The task is solved by the fact that the device, which contains a clock pulse generator, a counter, a decoder, a matrix of cells forming the topology of the investigated graph, each cell of which consists of a trigger and an element AND, the first input of which is connected to the output of the trigger, a group of elements OR by the number of columns of the matrix cells forming the topology of the studied graph, the registration block, and the output of the clock pulse generator is connected to the input of the counter, the output of the counter is connected to the input of the decoder, the outputs of the elements | cells of one column of the matrix of the topology formation of the investigated graph are connected to the inputs of the corresponding column of the OR element, the input of the clock pulse generator is the input of starting the device, the zero inputs of the triggers of all the cells of the matrix of the topology formation of the investigated graph are combined and connected to the input of resetting the device to the initial state, single the inputs of the triggers of all cells of the matrix of the formation of the topology of the studied graph are the setting inputs of the device, according to the useful Ge!

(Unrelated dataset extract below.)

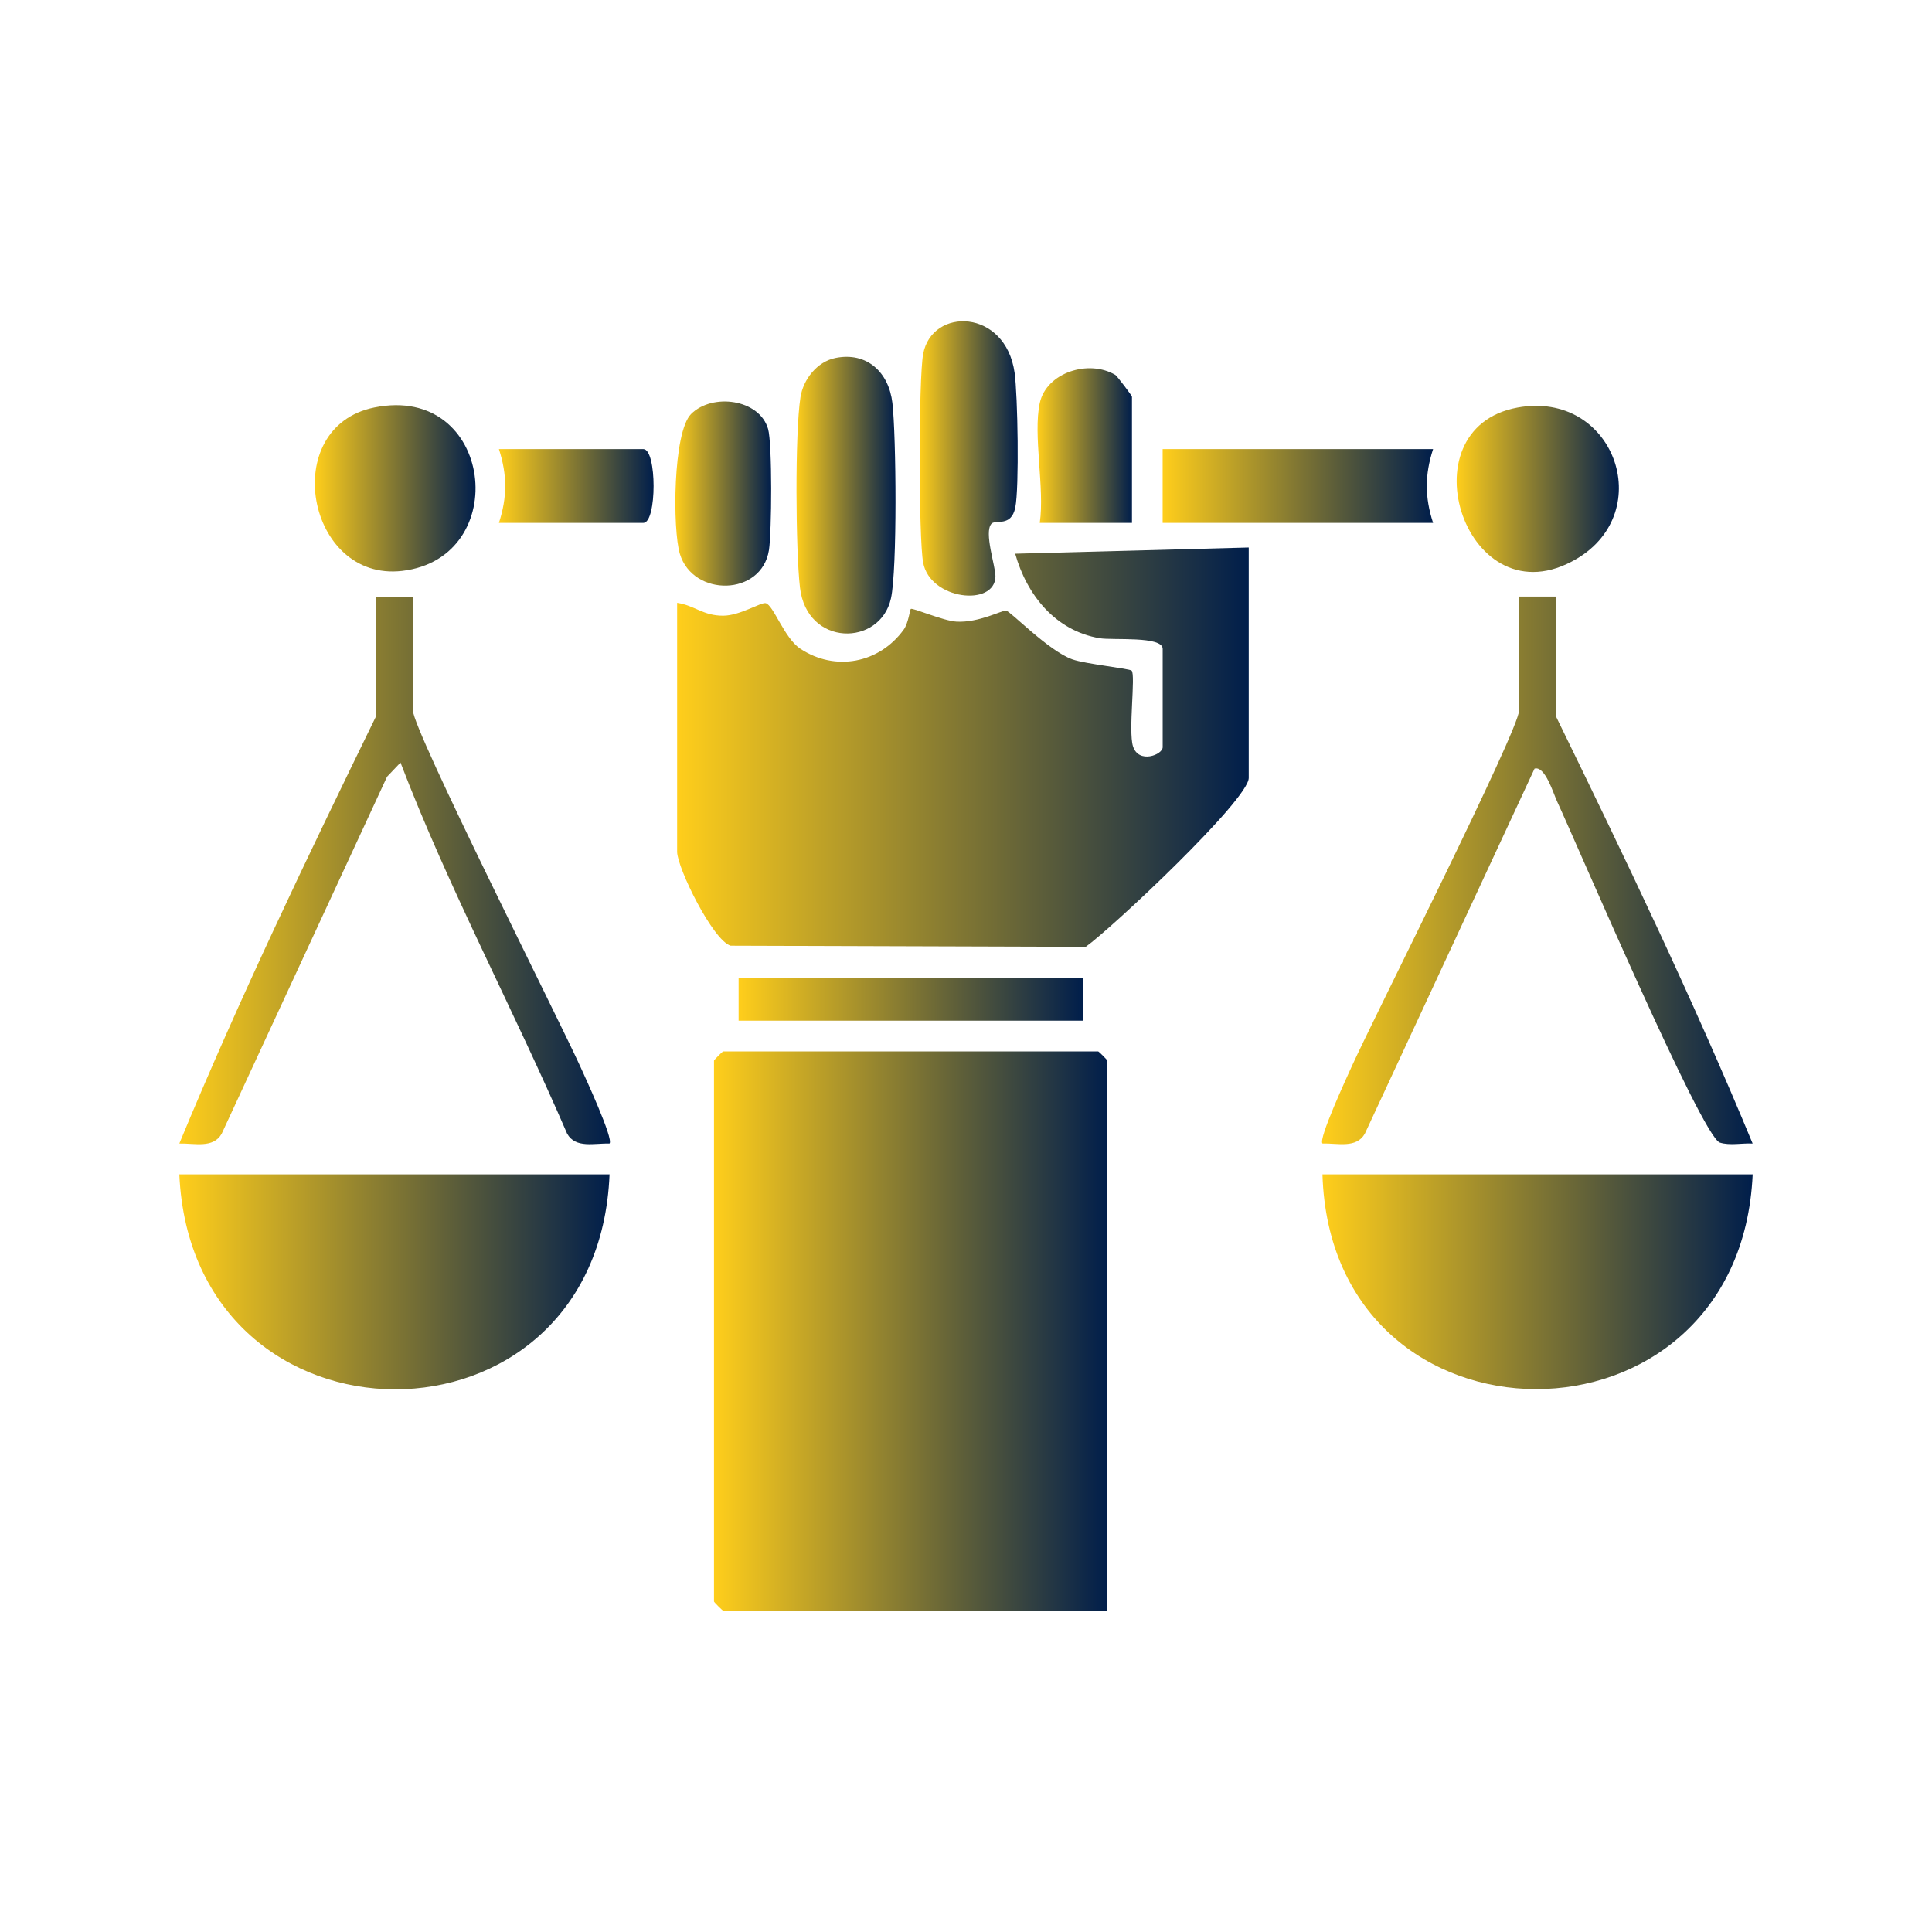 <svg xmlns="http://www.w3.org/2000/svg" xmlns:xlink="http://www.w3.org/1999/xlink" id="Capa_1" viewBox="0 0 500 500"><defs><style>      .st0 {        fill: url(#Degradado_sin_nombre_93);      }      .st1 {        fill: url(#Degradado_sin_nombre_96);      }      .st2 {        fill: url(#Degradado_sin_nombre_914);      }      .st3 {        fill: url(#Degradado_sin_nombre_911);      }      .st4 {        fill: url(#Degradado_sin_nombre_910);      }      .st5 {        fill: url(#Degradado_sin_nombre_98);      }      .st6 {        fill: url(#Degradado_sin_nombre_912);      }      .st7 {        fill: url(#Degradado_sin_nombre_92);      }      .st8 {        fill: url(#Degradado_sin_nombre_99);      }      .st9 {        fill: url(#Degradado_sin_nombre_913);      }      .st10 {        fill: url(#Degradado_sin_nombre_9);      }      .st11 {        fill: url(#Degradado_sin_nombre_94);      }      .st12 {        fill: url(#Degradado_sin_nombre_95);      }      .st13 {        fill: url(#Degradado_sin_nombre_91);      }      .st14 {        fill: url(#Degradado_sin_nombre_97);      }    </style><linearGradient id="Degradado_sin_nombre_9" data-name="Degradado sin nombre 9" x1="184.78" y1="344.47" x2="286.58" y2="344.47" gradientUnits="userSpaceOnUse"><stop offset="0" stop-color="#ffce1b"></stop><stop offset="1" stop-color="#001e4b"></stop></linearGradient><linearGradient id="Degradado_sin_nombre_91" data-name="Degradado sin nombre 9" x1="175.24" y1="193.36" x2="323.17" y2="193.36" xlink:href="#Degradado_sin_nombre_9"></linearGradient><linearGradient id="Degradado_sin_nombre_92" data-name="Degradado sin nombre 9" x1="342.25" y1="331.71" x2="453.59" y2="331.71" xlink:href="#Degradado_sin_nombre_9"></linearGradient><linearGradient id="Degradado_sin_nombre_93" data-name="Degradado sin nombre 9" x1="46.41" y1="331.74" x2="157.75" y2="331.74" xlink:href="#Degradado_sin_nombre_9"></linearGradient><linearGradient id="Degradado_sin_nombre_94" data-name="Degradado sin nombre 9" x1="46.41" y1="225.26" x2="157.86" y2="225.26" xlink:href="#Degradado_sin_nombre_9"></linearGradient><linearGradient id="Degradado_sin_nombre_95" data-name="Degradado sin nombre 9" x1="342.14" y1="225.25" x2="453.58" y2="225.25" xlink:href="#Degradado_sin_nombre_9"></linearGradient><linearGradient id="Degradado_sin_nombre_96" data-name="Degradado sin nombre 9" x1="206.13" y1="128.15" x2="231.76" y2="128.15" xlink:href="#Degradado_sin_nombre_9"></linearGradient><linearGradient id="Degradado_sin_nombre_97" data-name="Degradado sin nombre 9" x1="238.02" y1="118.65" x2="263.38" y2="118.65" xlink:href="#Degradado_sin_nombre_9"></linearGradient><linearGradient id="Degradado_sin_nombre_98" data-name="Degradado sin nombre 9" x1="81.47" y1="126.38" x2="123.07" y2="126.38" xlink:href="#Degradado_sin_nombre_9"></linearGradient><linearGradient id="Degradado_sin_nombre_99" data-name="Degradado sin nombre 9" x1="376.98" y1="126.53" x2="418.96" y2="126.53" xlink:href="#Degradado_sin_nombre_9"></linearGradient><linearGradient id="Degradado_sin_nombre_910" data-name="Degradado sin nombre 9" x1="300.89" y1="125.78" x2="370.88" y2="125.78" xlink:href="#Degradado_sin_nombre_9"></linearGradient><linearGradient id="Degradado_sin_nombre_911" data-name="Degradado sin nombre 9" x1="174.78" y1="127.73" x2="199.58" y2="127.73" xlink:href="#Degradado_sin_nombre_9"></linearGradient><linearGradient id="Degradado_sin_nombre_912" data-name="Degradado sin nombre 9" x1="191.15" y1="258.58" x2="280.22" y2="258.58" xlink:href="#Degradado_sin_nombre_9"></linearGradient><linearGradient id="Degradado_sin_nombre_913" data-name="Degradado sin nombre 9" x1="268.52" y1="115.31" x2="292.95" y2="115.31" xlink:href="#Degradado_sin_nombre_9"></linearGradient><linearGradient id="Degradado_sin_nombre_914" data-name="Degradado sin nombre 9" x1="129.12" y1="125.78" x2="169.15" y2="125.78" xlink:href="#Degradado_sin_nombre_9"></linearGradient></defs><path class="st10" d="M286.58,416.85h-99.41c-.17,0-2.39-2.22-2.39-2.39v-139.97c0-.17,2.22-2.39,2.39-2.39h97.02c.17,0,2.39,2.22,2.39,2.39v142.36h0Z"></path><path class="st13" d="M323.17,141.68v59.65c0,5.61-35.37,38.85-42.19,43.71l-91.89-.29c-4.59-1.34-13.85-20.18-13.85-24.32v-64.42c4.56.68,6.71,3.36,11.93,3.33,4.35-.02,9.74-3.51,10.98-3.24,2.01.45,4.8,9.03,8.96,11.78,9.08,6.02,20.51,3.76,26.79-4.97,1.19-1.66,1.59-5.15,1.81-5.32.49-.37,8.4,3.11,11.86,3.29,5.76.31,11.66-2.94,12.79-2.86,1.07.07,10.91,10.39,17.15,12.62,3.4,1.22,14.81,2.37,15.36,2.93,1.06,1.1-.89,15.64.34,19.55,1.47,4.67,7.69,2.2,7.69.26v-25.45c0-3.39-12.87-2.18-16.32-2.76-11.44-1.93-18.85-11.19-21.85-21.87l60.44-1.61h0Z"></path><path class="st7" d="M453.59,303.92c-3.32,74.24-109.12,73.99-111.34,0h111.34Z"></path><path class="st0" d="M157.75,303.92c-2.99,74.33-108,74.05-111.34,0h111.34Z"></path><path class="st11" d="M106.85,154.4v29.43c0,5.08,37.76,79.93,43.23,91.97,1.28,2.81,8.81,19.06,7.66,20.15-3.92-.12-8.76,1.33-10.96-2.54-13.88-32.19-30.68-63.49-43.13-96.06l-3.48,3.66-42.8,92.4c-2.2,3.87-7.04,2.43-10.96,2.54,15.45-37.37,33.12-74.13,50.89-110.53v-31.02h9.55Z"></path><path class="st12" d="M402.69,154.4v31.02c17.78,36.41,35.44,73.16,50.89,110.53-2.69-.15-5.95.58-8.49-.25-4.66-1.51-37.07-77.42-42.12-88.3-.98-2.11-3.11-9.26-5.83-8.48l-43.92,94.48c-2.2,3.87-7.04,2.43-10.96,2.54-1.15-1.09,6.39-17.34,7.66-20.15,5.46-12.04,43.23-86.89,43.23-91.97v-29.43h9.54,0Z"></path><path class="st1" d="M216.18,92.65c8.21-1.67,13.84,3.72,14.77,11.62.99,8.46,1.28,43.17-.37,50.59-2.79,12.51-21.77,12.59-23.55-2.81-1.12-9.7-1.32-39.95.13-49.25.72-4.64,4.33-9.2,9.03-10.15h-.01Z"></path><path class="st14" d="M256.6,135.53c-2.04,2.17,1.08,11.05,1.02,13.69-.19,7.86-16.89,6.06-18.71-3.61-1.19-6.33-1.19-47.65,0-54,2.28-12.19,21.33-11.76,23.67,4.88.81,5.76,1.22,29.77.17,34.87s-5.1,3.05-6.15,4.16h0Z"></path><path class="st5" d="M96.87,105.46c30.9-6.27,35.95,38.97,7.17,42.29-24.67,2.84-32.06-37.23-7.17-42.29Z"></path><path class="st8" d="M392.73,105.48c24.9-4.54,36.23,26.79,15.3,39.14-28.47,16.8-45.07-33.71-15.3-39.14Z"></path><path class="st4" d="M370.88,116.23c-2.16,6.67-2.17,12.41,0,19.09h-69.99v-19.09s69.99,0,69.99,0Z"></path><path class="st3" d="M178.87,107.13c5.48-5.45,17.64-3.87,19.9,3.86,1.11,3.8.96,26.78.23,31.38-1.89,11.95-19.63,12.21-23.05.98-1.92-6.32-1.81-31.52,2.92-36.22h0Z"></path><rect class="st6" x="191.15" y="253.02" width="89.07" height="11.13"></rect><path class="st9" d="M269.09,104.3c1.71-7.89,12.67-11.38,19.58-7.25.37.22,4.28,5.3,4.28,5.66v32.61h-23.86c1.31-8.97-1.79-22.76,0-31.02h0Z"></path><path class="st2" d="M129.12,135.32c2.17-6.68,2.16-12.41,0-19.09h37.38c3.53,0,3.53,19.09,0,19.09h-37.38Z"></path></svg>

From the Model, it additionally contains a two-digit counter, a group of elements | according to the number of columns of the matrix of cells forming the topology of the investigated graph, the element OR-NOT, the registration block is made in the form of a registration array of cells of an independent set according to the number of columns of the matrix of forming the topology of the investigated graph, each cell of which consists of an element NOT, two elements | and a flip-flop whose zero and odd inputs are connected to the outputs of the first and second AND elements, respectively, and the output of the NOT element. connected to the first input of the first AND element, and the outputs of the OR elements are connected to the first inputs "- the corresponding AND elements, the outputs of the elements | connected to the inputs of the OR-NOT element, the output of the OR-NOT element is connected to the inputs of the NOT elements of all cells of the registration array of the independent set and the first inputs of the second elements | of all cells of the registration array of the independent set, the outputs of the triggers of the cells of the registration array of the independent set are connected to the second inputs of the corresponding elements And, each output of the decoder is connected to the second inputs of the elements And of all cells of the corresponding row of the formation matrix from the topology of the studied graph and to the second inputs of the first and second elements | of the corresponding cell of the registration array of an independent set, the output of the decoder corresponding to the largest value;" of the counter, also connected to the input of the two-bit counter, the output of the higher digit of the two-bit counter is connected to the stop input of the clock pulse generator.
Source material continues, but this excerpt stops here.